Top
28/01/2023

İsveç Türkiye ve İslam karşıtlığını araçsallaştırmayı bırakıp gerçekler ile yüzleşmelidir

İsveç on yıllardır teröre vermiş olduğu desteğin maliyetini kendi iç siyasetinde de ağır bir şekilde ödemiş olan bir ülkedir. İsveç toprakları yıllar içinde terör örgütü PKK ve Türkiye'yi hedef alan diğer aşırı sol örgütler için güvenli bir sığınak haline geldi. Bu örgütler on yıllardır mali, siyasi, kültürel ve diğer birçok alandaki faaliyetlerini İsveç toprakları üzerinden yürüttüler. İsveç'in hukuki ve siyasi koruması bu örgütlerin dünya ile irtibatlarını sürdürmelerine yardımcı oldu. İsveç'teki varlıkları bu örgütlerin birçok başka ülkedeki faaliyetleri için bir koruma kalkanı oluşturdu ve meşruiyet sağladı.

İsveç'te bulunan terör örgütü ile doğrudan veya dolaylı bağlantılı kesimler Batı kamuoylarının itibar ettiği kavramları kullanarak ve bu ülkelerin diplomatik ve siyasi çerçevesinin verdiği ferahlıkla yaptıkları yasadışı birçok faaliyeti rahat bir şekilde sürdürdüler. Sistem içerisinde ne şekilde varlıklarını sürdürebileceklerine dair hukuki ve siyasi destek aldılar. Bu kavram setleri ve sivil toplum adı altında örgütlenmiş yapı ve ağları ve İsveç'te yer alan, ağırlıklı olarak siyasi iltica ile oluşan göçmen gettoları radikalleşme ve her türlü aşırıcılık için oldukça elverişli ortam oluşturdu. Yalnızca PKK, PYD, MLKP, DHKPC değil DEAŞ ve Nusra gibi örgütler de bu gettolardan onlarca militan devşirdiler. Yerel istihbarat örgütleri bu radikal gettoları çok yakından takip etse de eylemlerini Avrupa'da yapmadıkları sürece bu örgütlerin tüm faaliyetleri bir şekilde görmezden gelindi.

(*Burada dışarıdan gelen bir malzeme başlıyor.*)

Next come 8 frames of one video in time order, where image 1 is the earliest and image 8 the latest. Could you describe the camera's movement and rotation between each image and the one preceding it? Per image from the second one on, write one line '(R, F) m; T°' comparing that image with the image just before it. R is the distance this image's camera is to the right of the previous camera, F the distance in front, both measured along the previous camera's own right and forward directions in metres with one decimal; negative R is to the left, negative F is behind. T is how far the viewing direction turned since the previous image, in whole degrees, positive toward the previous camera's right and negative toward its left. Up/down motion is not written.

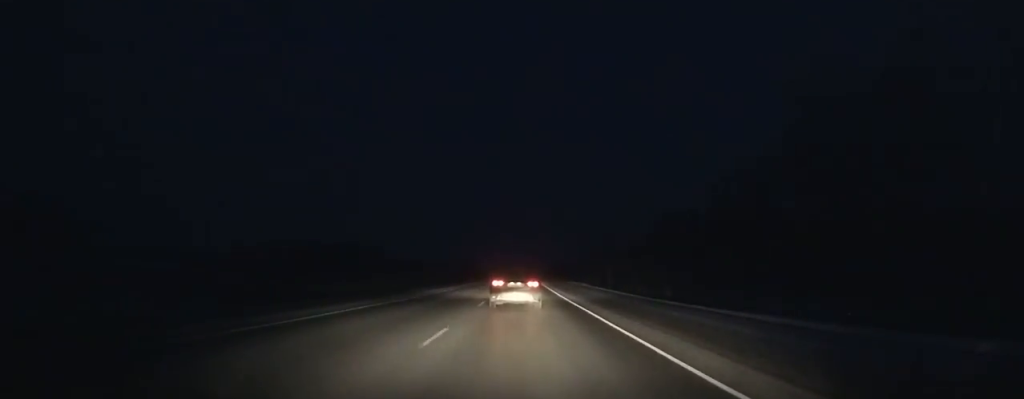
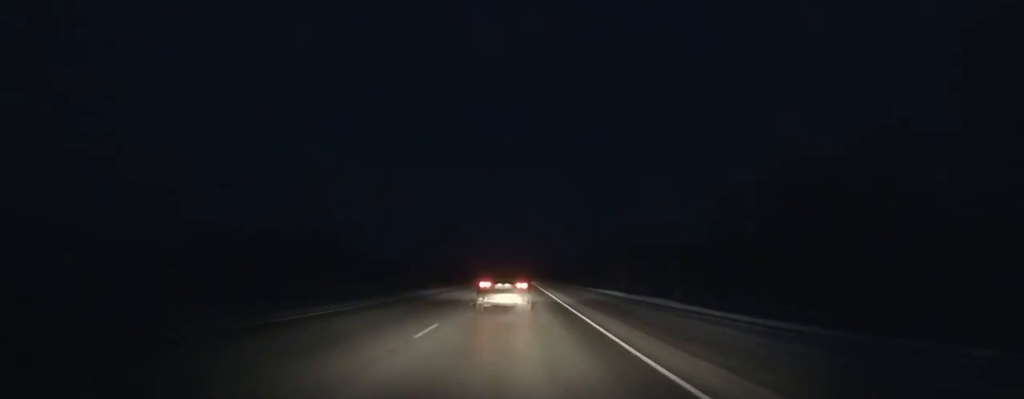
(0.0, +45.8) m; 0°
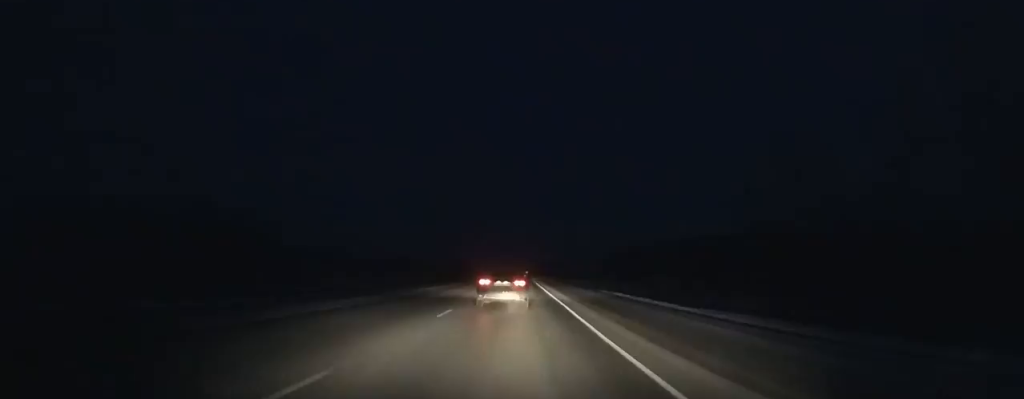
(-0.3, +66.3) m; 0°
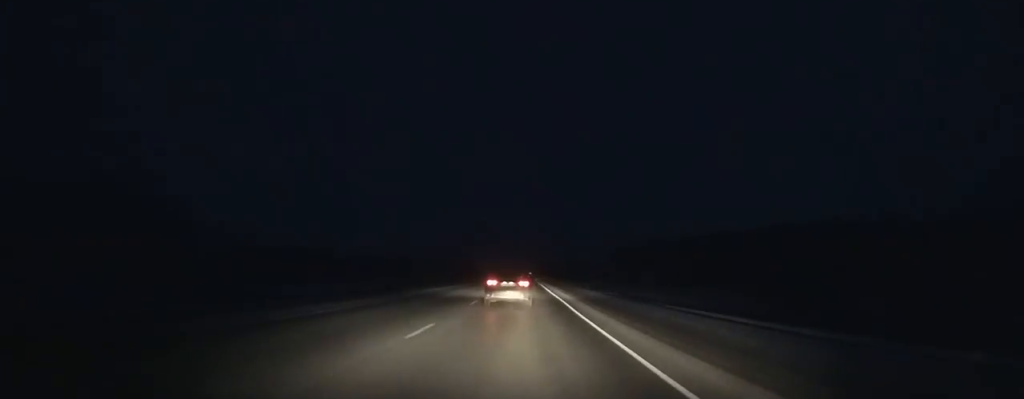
(-0.3, +41.1) m; 0°
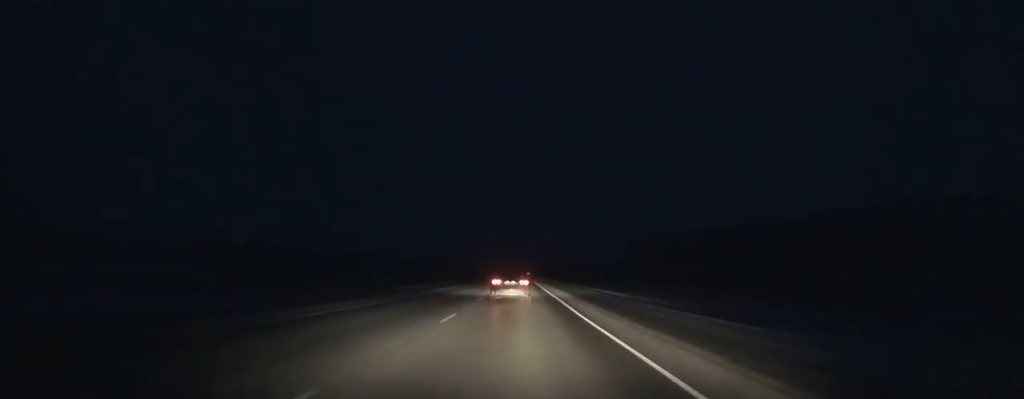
(+0.3, +57.6) m; 0°
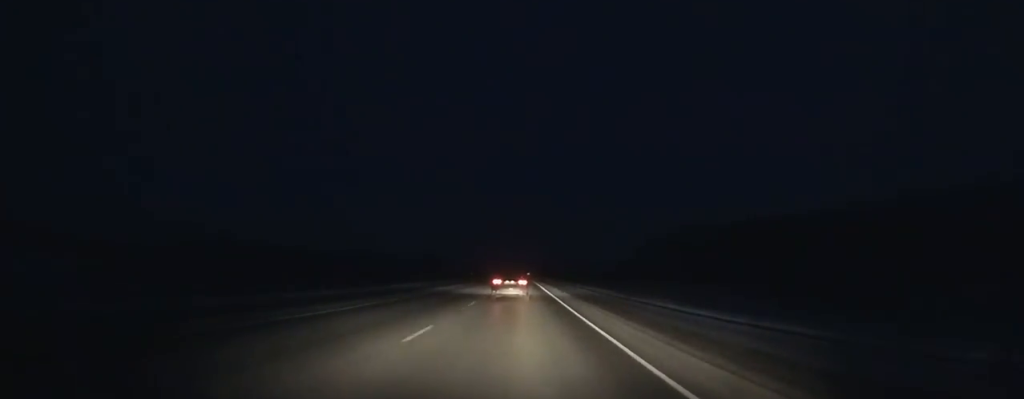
(0.0, +39.6) m; 0°
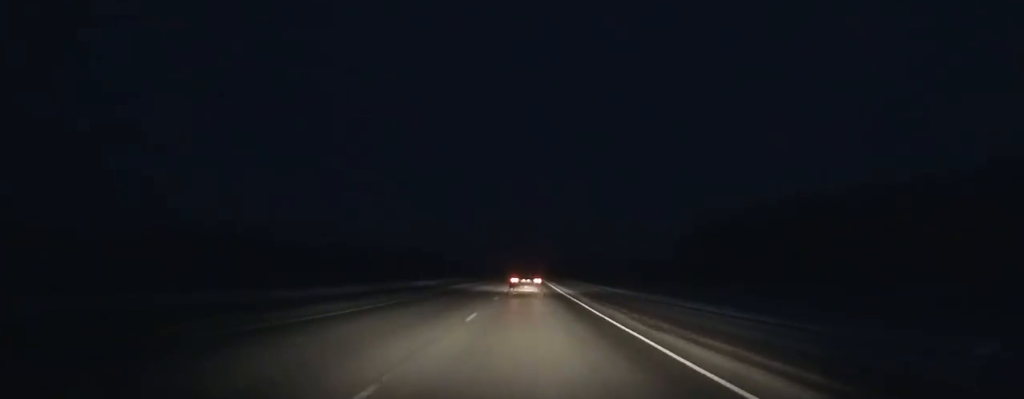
(-0.1, +68.1) m; 0°
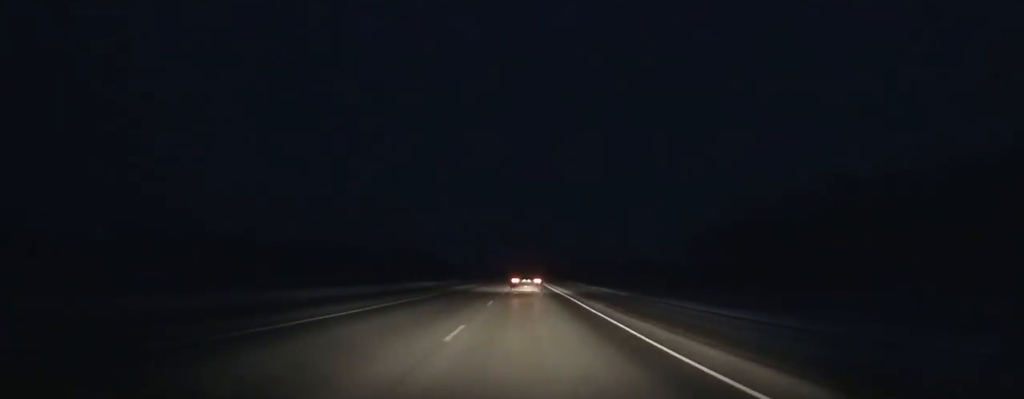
(-0.1, +28.5) m; 0°

Terörden uzun yıllardır canı yanan Türkiye gibi ülkelerin uyarı ve eleştirileri hiçbir şekilde İsveç makamları tarafından dikkate alınmamıştır. İsveçli siyasetçiler de insan hakları ve ifade özgürlüğü gibi iddiaları kullanarak kendilerine dokunmadığı sürece her türlü örgütlü aşırıcılığın önünü sonuna kadar açtılar. Terör örgütleri ile bağlantılı kişiler İsveç parlamentosunda vekil bile seçilerek bu ülke siyasetini yönlendirmeye çalıştı.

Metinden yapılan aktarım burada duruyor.